Davos gelang für einmal nicht der Traumstart in die Partie, es waren die Berner die sofort resolut das Spieldiktat an sich rissen und vor dem Heimpublikum auf Wiedergutmachung aus waren. Der Meister hatte zuletzt in acht Partien das Eis sieben Mal als Verlierer verlassen. Es brauchte von Beginn an einen hellwachen Sandro Aeschlimann im Davoser Kasten, um die Berner Führung zu vermeiden. Und es brauchte einen groben Abwehrfehler der Berner Hintermannschaft um Matthias Tedenby nach gut vier Minuten die Eins gegen Null-Chance vor dem neuen SCB-Keeper Tomi Karhunen zu ermöglichen. Der Finne blieb gegen den Schweden chancenlos und Davos lag mit der ersten Tormöglichkeit in Führung (5.). Bern war wenig geschockt ob dem Rückstand, erspielte sich weiter Chance um Chance und konnte in der 11. Minute durch den Ex-Davoser Sciaroni ausgleichen. Davos hatte im ersten Abschnitt nur vier Torchancen, die erste hatte Tedenby genutzt, die vierte nutzte Felicien Du Bois. Mit einem Weitschuss bezwang auch er den neunen SCB-Keeper, so dass Davos mit einer eher glücklichen Führung in die erste Pause ging.

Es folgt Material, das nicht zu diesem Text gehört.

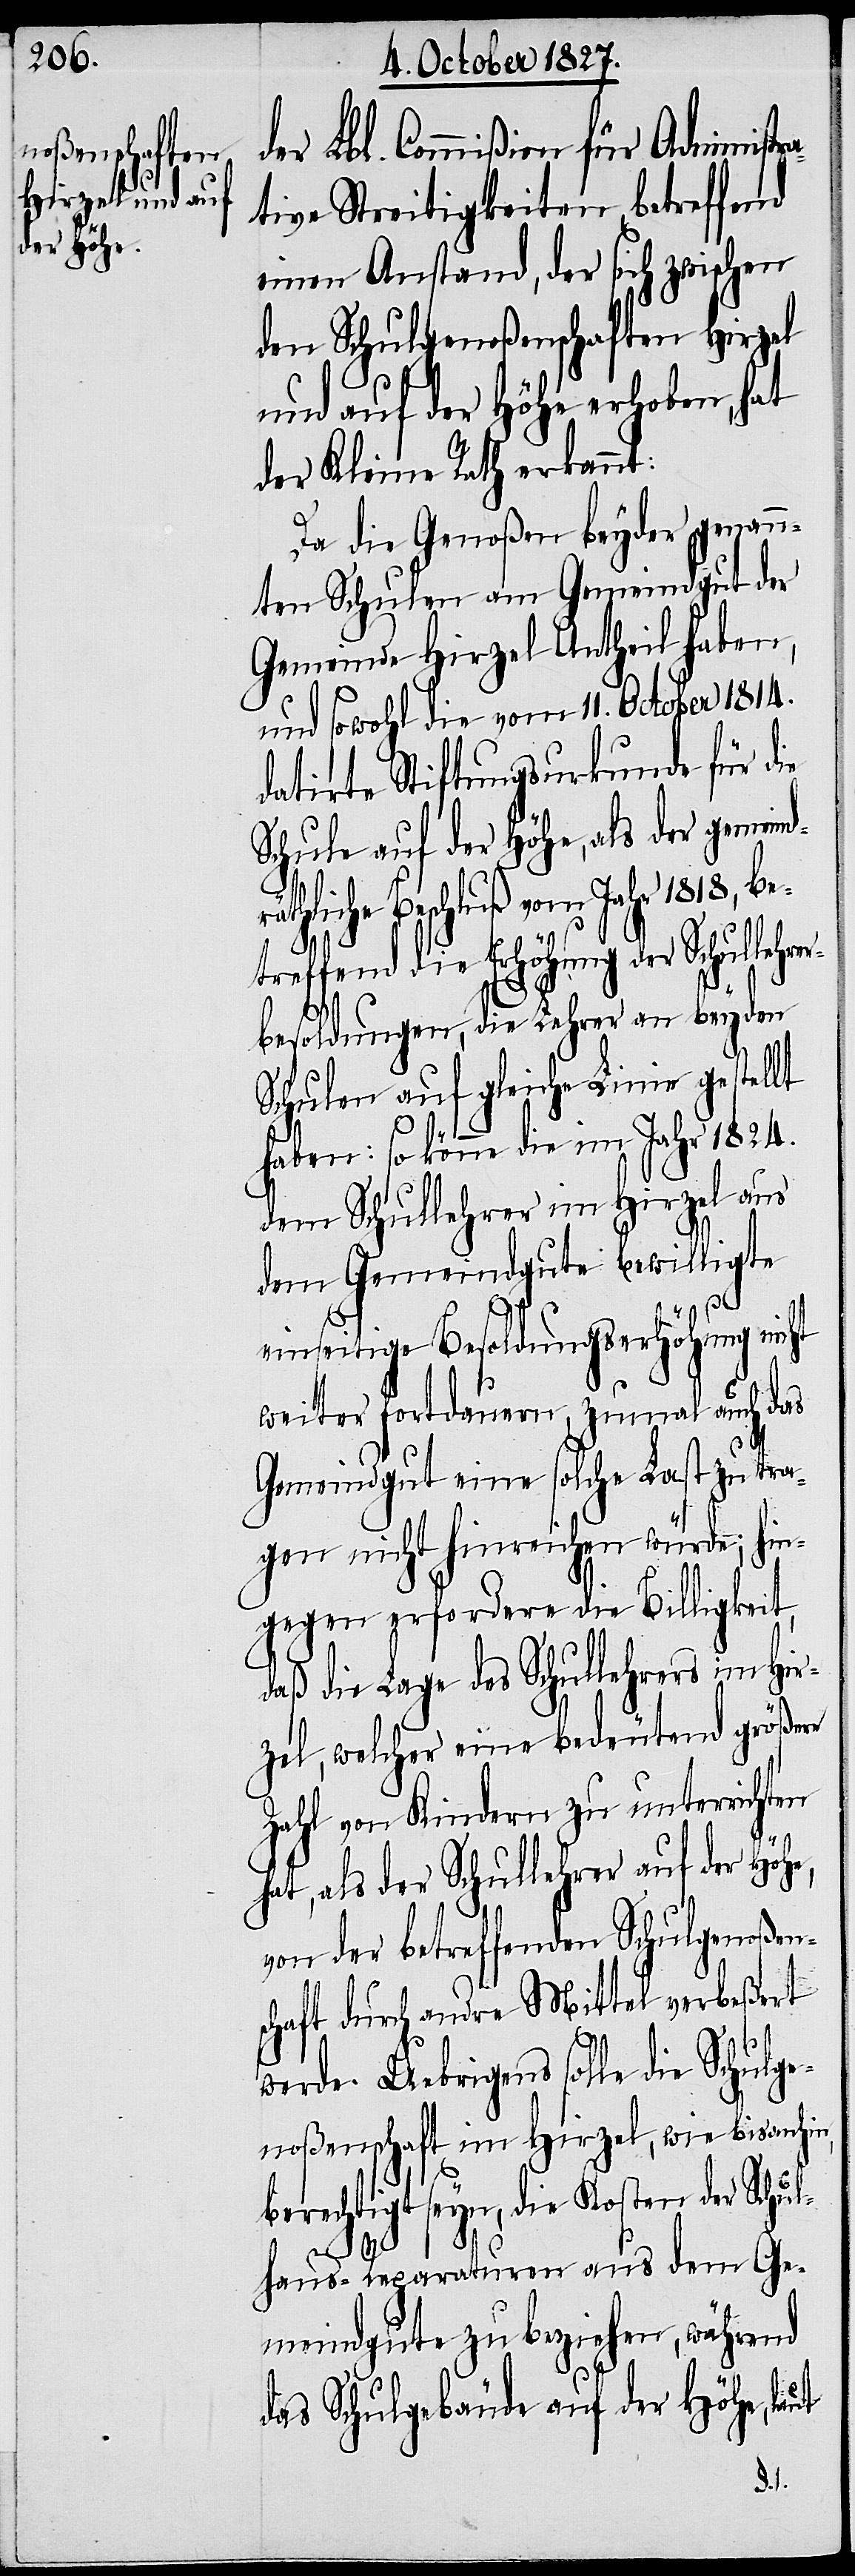
der Lbl. Commißion für Administr¬
ative Streitigkeiten, betreffend
einen Anstand, der sich zwischen
den Schulgenoßenschaften Hirzel
und auf der Höhe erhoben, hat
der Kleine Rath erkannt:
Da die Genoßen beyder genan¬
nten Schulen am Gemeindgut der
Gemeinde Hirzel Antheil haben,
und sowohl die vom 11. October 1814.
datirte Stiftungsurkunde für die
Schule auf der Höhe, als der gemeind¬
Hir¬
hliche Beschluß vom Jahr 1818, be¬
treffend die Erhöhung der Schullehr¬
besoldungen, die Lehrer an beyden
Schulen auf gleiche Linie gestellt
haben: so könne die im Jahr 1824.
dem Schullehrer im Hirzel aus
dem Gemeindgute bewilligte
einseitige Besoldungserhöhung nicht
weiter fortdauern, zumal auch das
Gemeindgut eine solche Last zu tra¬
gen nicht hinreichen würde; hin¬
gegen erfordere die Billigkeit,
daß die Lage des Schullehrers im
zel, welcher eine bedeutend größere
Zahl von Kindern zu unterrichten
hat, als der Schullehrer auf der Höhe,
von der betreffenden Schulgenoßen¬
schaft durch andre Mittel verbeßert
werde. Uebrigens solle die Schulge¬
noßenschaft im Hirzel, wie bis anhin,
berechtigt seyn, die Kosten der Schul¬
haus-Reparaturen aus dem Ge¬
meindgute zu beziehen, während
das Schulgebäude auf der Höhe, laut
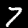
Digit: 7
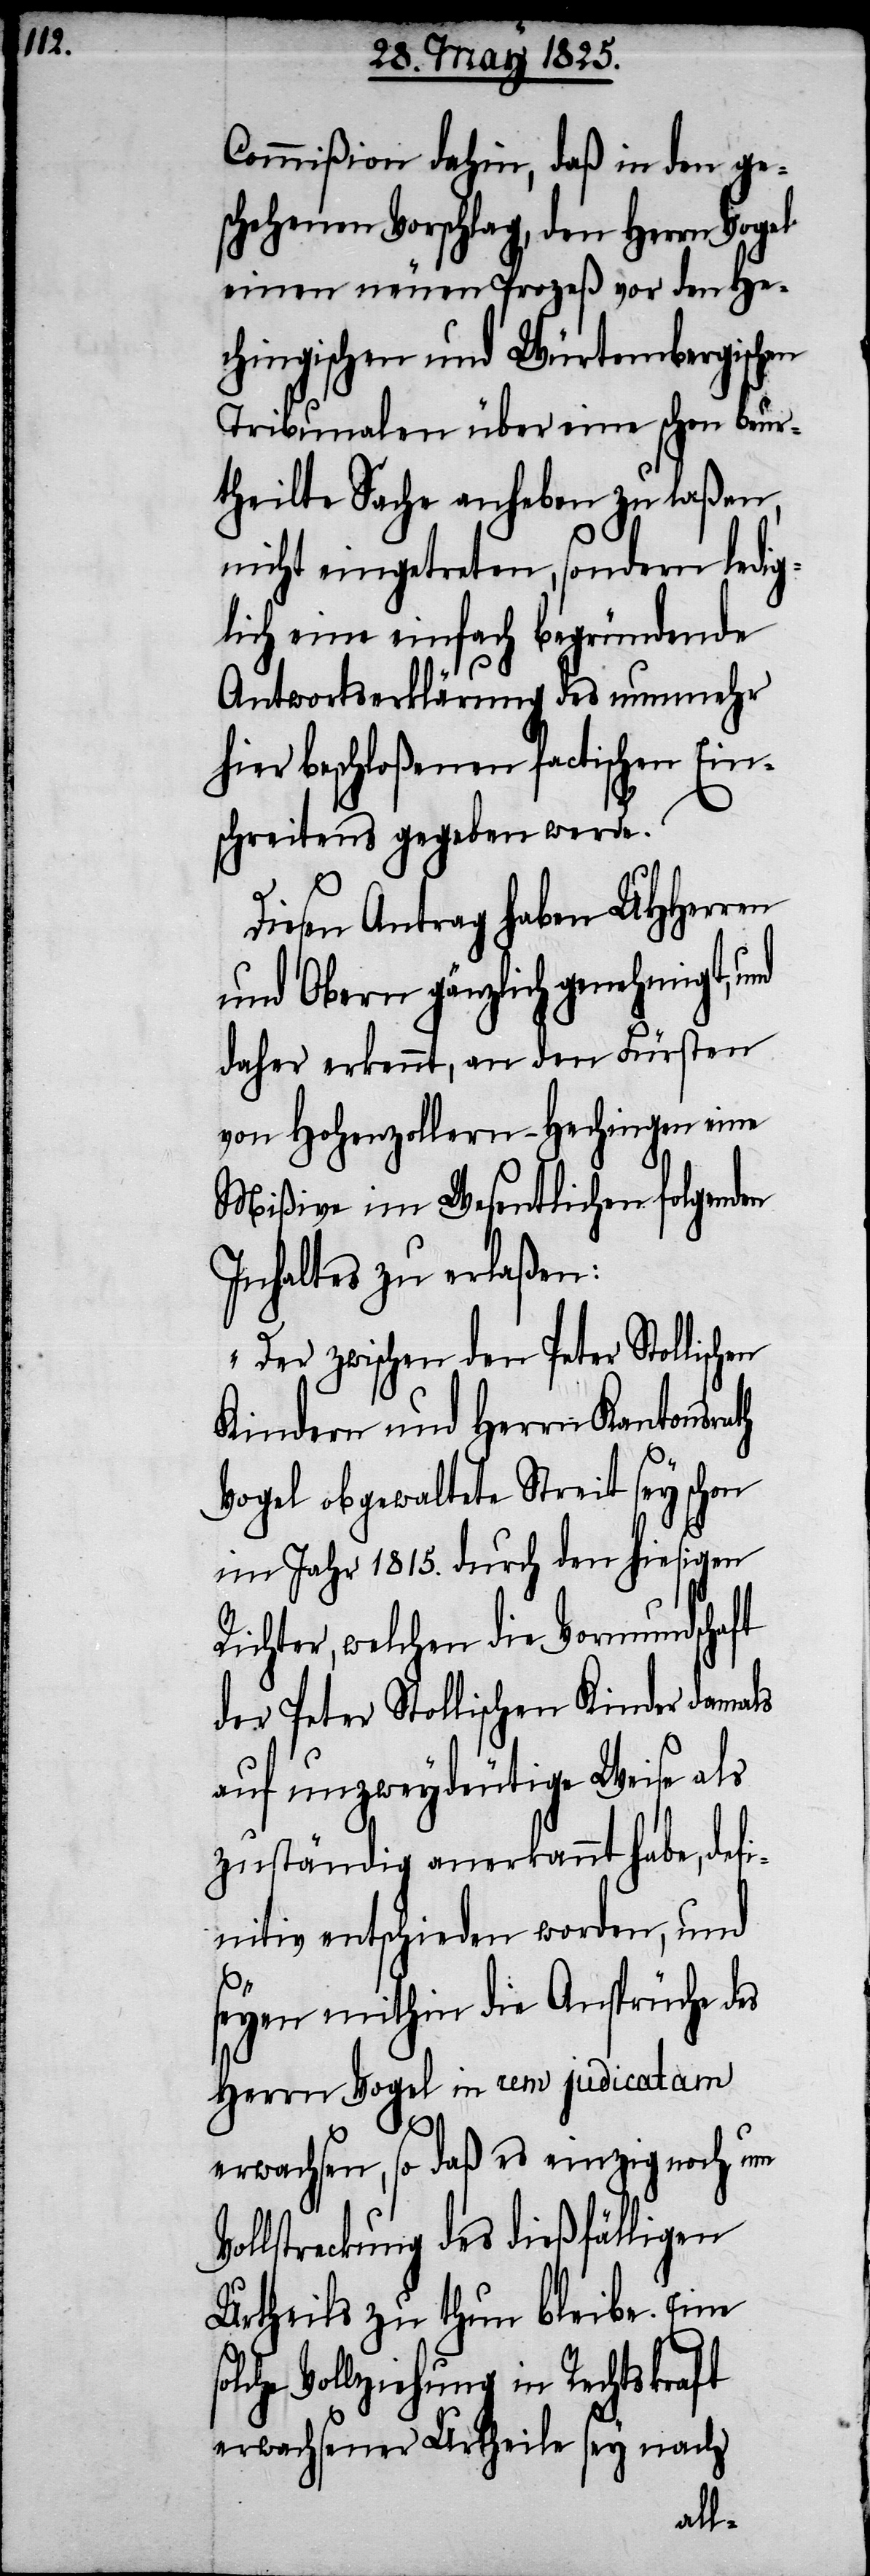
Commißion dahin, daß in den ge¬
schehenen Vorschlag, den Herrn Vo¬
einen neuen Prozeß vor den He¬
chingischen und Würtembergischen
Tribunalen über eine schon beur¬
theilte Sache aufheben zu laßen,
nicht eingetreten, sondern ledig¬
lich eine einfach begründende
Antwortserklärung des nunmehr
hier beschloßenen factischen Ein¬
schreitens gegeben werde.
Diesen Antrag haben UHHerren
und Obern gänzlich genehmigt,
daher erkennt, an den Fürsten
von Hohenzollern-Hechingen eine
Mißive im Wesentlichen folgenden
Inhaltes zu erlaßen:
„Der zwischen den Peter Stollischen
Kindern und Herrn Kantonsrath
Vogel obgewaltete Streit sey schon
im Jahr 1815. durch den hiesigen
Richter, welchen die Vormundschaft
der Peter Stollischen Kinder damals
auf unzweydeutige Weise als
zuständig anerkannt habe, def¬
initiv entschieden worden, und
seyen mithin die Ansprüche des
Herrn Vogel in rem judicatam
s¬
erwachsen, so daß es einzig noch um
Vollstreckung des dießfälligen
Urtheils zu thun bleibe. Eine
olche Vollziehung in Rechtskraft
erwachsener Urtheile sey nach
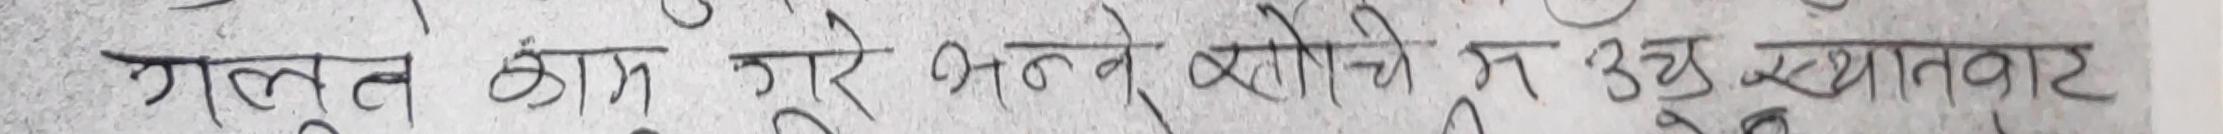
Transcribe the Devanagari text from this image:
गलुल काभ गूरे अन्तने बोटैचै म उच्च स्थानबाट
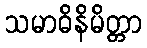
သမာဓိနိမိတ္တာ
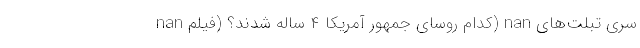
nan کدام روسای جمهور آمریکا ۴ ساله شدند؟ (فیلم) nan سری تبلت‌های
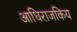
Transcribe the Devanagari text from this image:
आधिराजकिय
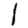
Digit: 1
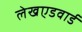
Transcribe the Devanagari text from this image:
लेखएडवार्ड
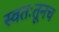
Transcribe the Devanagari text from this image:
स्वतःतूनच

Im zweiten Drittel bekam der HCD das Spiel etwas besser in den Griff. Bern kam zu deutlich weniger Torchancen, aber auch Davos prüfte Karhunen nur selten. Es brauchte ein Überzahlspiel für das Heimteam, damit es zu einem Treffer im Mittelabschnitt reichte (38.). Davos nagt weiter an einer chronischen Unterzahlschwäche. Zuviele Treffer müssen die Blaugelben bisher in dieser Saison im Boxplay hinnehmen.

Doch das war dem Spiel egal, es wurde immer besser. Beide Teams lieferten sich einen immer mehr mitreissenden Fight. Bereits in der 44. Minute kam der nächste Höhepunkt. Aaron Palushaj erwischte Tomi Karhunen von weit hinter der Torlinie mit einem rotzfrechen Treffer. Der HCD lag zum 3. Mal in Führung, musste sie aber zum 3. Mal auch wieder abgeben. Nachdem beide Teams eine doppelte Überzahl nicht nutzen konnten, waren es die Berner, die wiederum im einfachen Überzahlspiel zum Ausgleich durch Moser kamen (56.). Nicht unverdient, wenn man das ganze Spiel betrachtete.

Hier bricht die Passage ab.